Reseña de Historias del buen valle, de José Luis Guerín
José Luis Guerín vuelve a la Sección Oficial del Zinemaldia con Historias del buen valle, un proyecto que remite inevitablemente a En construcción. Aquella película de 2001 supuso un hito en el documental español: la mutación de un barrio barcelonés convertida en relato humano y urbano. Ahora Guerín retoma esa línea, de nuevo en Barcelona, y lo hace con la complicidad de Jonás Trueba como productor y con un rodaje que se alargó durante tres años. El resultado es un retrato del barrio periférico de Vallbona, aislado por autopistas, vías de tren y un río, poseedor de una memoria y una identidad propias que se resisten a ser borradas.
En el cine de Guerín, como en el de Frederick Wiseman, la clave está en la inmersión: convivir con un lugar hasta que su ritmo, sus tensiones y sus alegrías se convierten en algo más que imágenes, se convierten en un lugar que vivir.
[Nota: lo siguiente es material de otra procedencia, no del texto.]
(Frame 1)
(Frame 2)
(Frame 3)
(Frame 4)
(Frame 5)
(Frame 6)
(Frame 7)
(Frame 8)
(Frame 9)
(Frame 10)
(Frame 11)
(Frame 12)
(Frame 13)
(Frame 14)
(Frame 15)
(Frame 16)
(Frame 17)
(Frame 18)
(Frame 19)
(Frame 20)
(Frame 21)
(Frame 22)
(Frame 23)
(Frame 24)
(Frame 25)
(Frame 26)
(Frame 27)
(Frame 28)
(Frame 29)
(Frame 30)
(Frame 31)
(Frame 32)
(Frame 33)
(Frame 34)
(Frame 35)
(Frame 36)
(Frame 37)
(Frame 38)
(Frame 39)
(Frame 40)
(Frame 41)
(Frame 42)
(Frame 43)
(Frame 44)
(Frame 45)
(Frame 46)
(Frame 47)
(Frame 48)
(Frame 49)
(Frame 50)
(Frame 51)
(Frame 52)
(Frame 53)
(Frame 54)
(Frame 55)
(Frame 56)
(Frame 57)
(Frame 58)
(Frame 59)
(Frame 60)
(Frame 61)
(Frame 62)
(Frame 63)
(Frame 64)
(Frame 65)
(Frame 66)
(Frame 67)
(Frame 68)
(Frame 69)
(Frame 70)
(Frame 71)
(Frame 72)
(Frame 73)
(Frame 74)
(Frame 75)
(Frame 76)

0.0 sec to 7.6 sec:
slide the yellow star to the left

Historias del buen valle muestra la lucha de sus habitantes por defender lo que tienen —una forma de vida, un espacio, una memoria compartida— más que por desear lo ajeno. Hay reivindicaciones, como la de una parada de tren que acerque el barrio al resto de la ciudad, pero lo esencial es la resistencia cotidiana. También aparece cómo el paisaje urbano condiciona el paisaje humano: los bloques, los descampados, las vías, todo moldea las relaciones. Y en medio de ello, la convivencia entre culturas, con episodios de racismo que no se esconden, pero también con la constatación de que los problemas son comunes y compartidos.

La película es notable, pero algunas escenas parecen demasiado coreografiadas —el funeral colectivo, los balcones repletos de vecinos al unísono—, y aunque funcionan a novel cinemtográfico, incluso emocional, rompen un poco el pacto de autenticidad que Guerín nos ha propuesto. Es como descubrirle un truco al mago. Además, en la segunda mitad el relato se dispersa, pierde foco, una sensación intangible en un documental que no tiene un hilo conductor definido. Aun así, el cierre recupera fuerza, aunque sea evidente que está preparado, lo que obliga a contradecirme y admitir que, aunque calculado, resulta poderoso.
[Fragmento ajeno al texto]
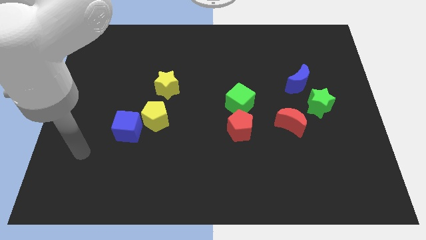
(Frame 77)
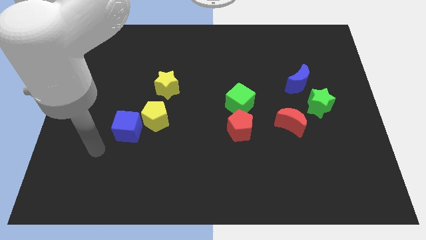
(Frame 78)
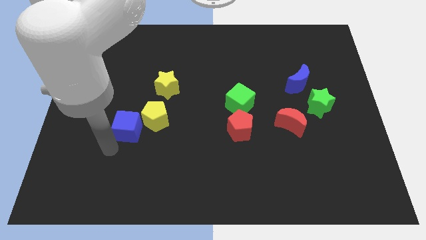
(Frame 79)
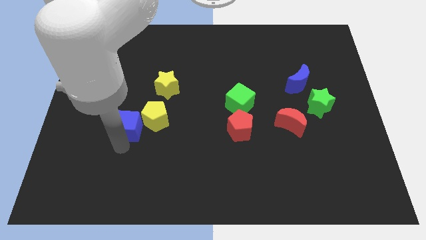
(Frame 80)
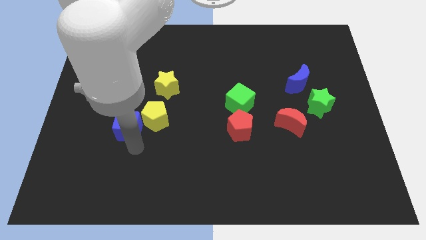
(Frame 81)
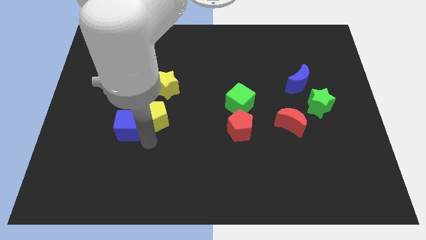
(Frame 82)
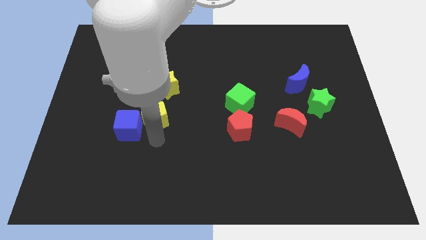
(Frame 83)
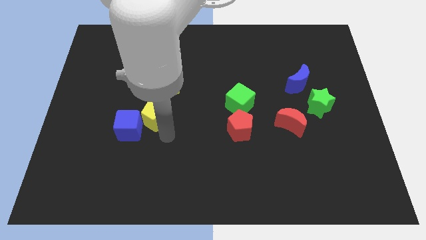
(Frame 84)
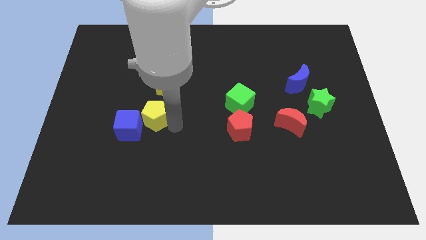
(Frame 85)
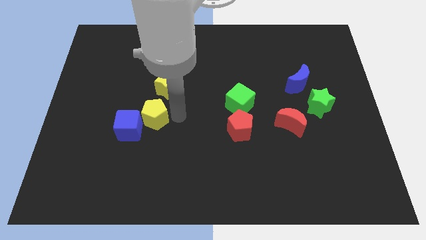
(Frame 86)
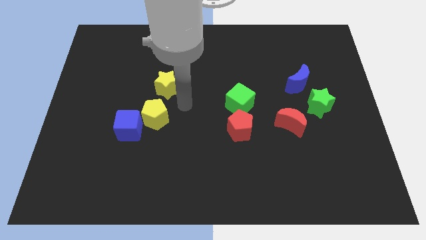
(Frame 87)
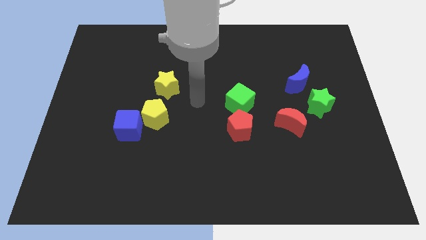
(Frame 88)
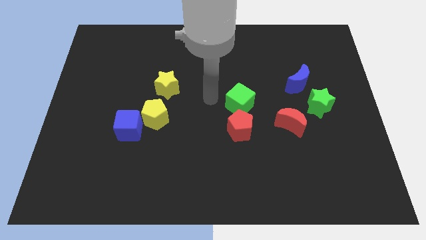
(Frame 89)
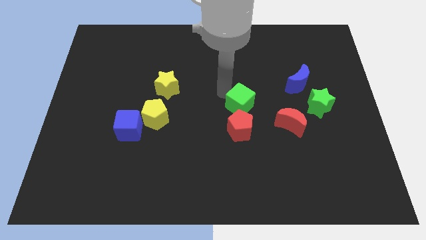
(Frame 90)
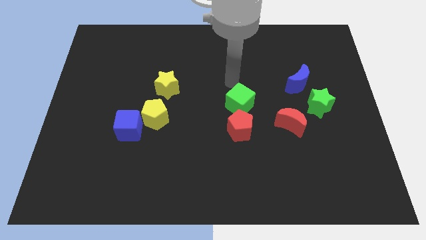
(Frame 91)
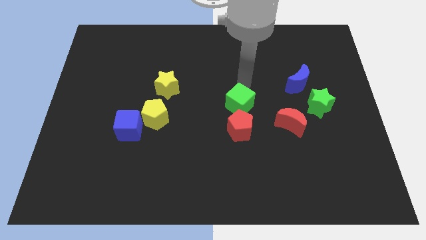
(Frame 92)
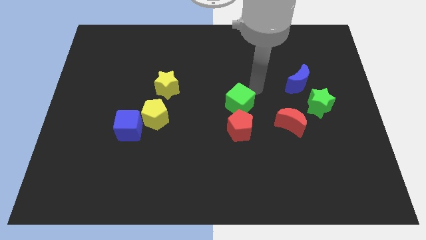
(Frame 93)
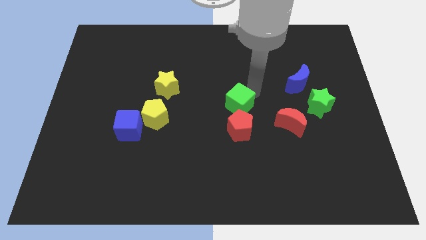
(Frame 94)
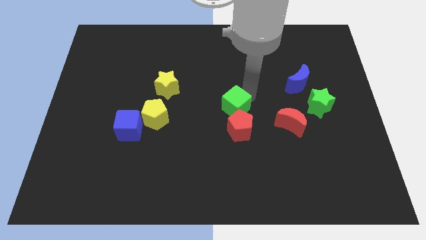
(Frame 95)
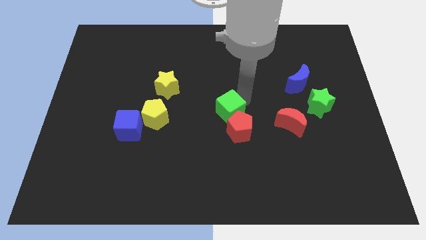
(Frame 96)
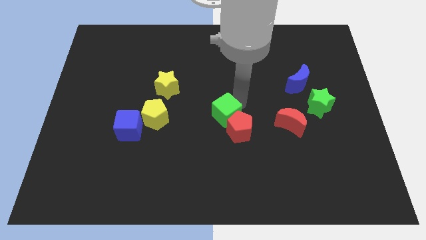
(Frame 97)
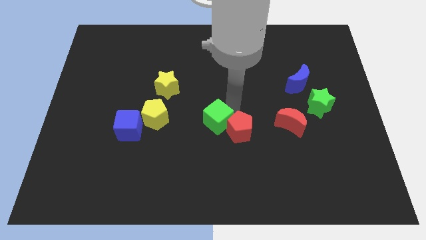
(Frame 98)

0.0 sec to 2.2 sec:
move the green cube somewhat down and then left

Por estilo y por ritmo, no es una propuesta pensada para todos los públicos. Quien espere un relato convencional encontrará largas escenas de observación y una narrativa fragmentaria. Pero para los que disfrutan de este tipo de cine —que más que contar historias se empapa de ellas—, Historias del buen valle seguro que les aporta dos horas de disfrute e inmersión en una bonita historia llena de humanidad.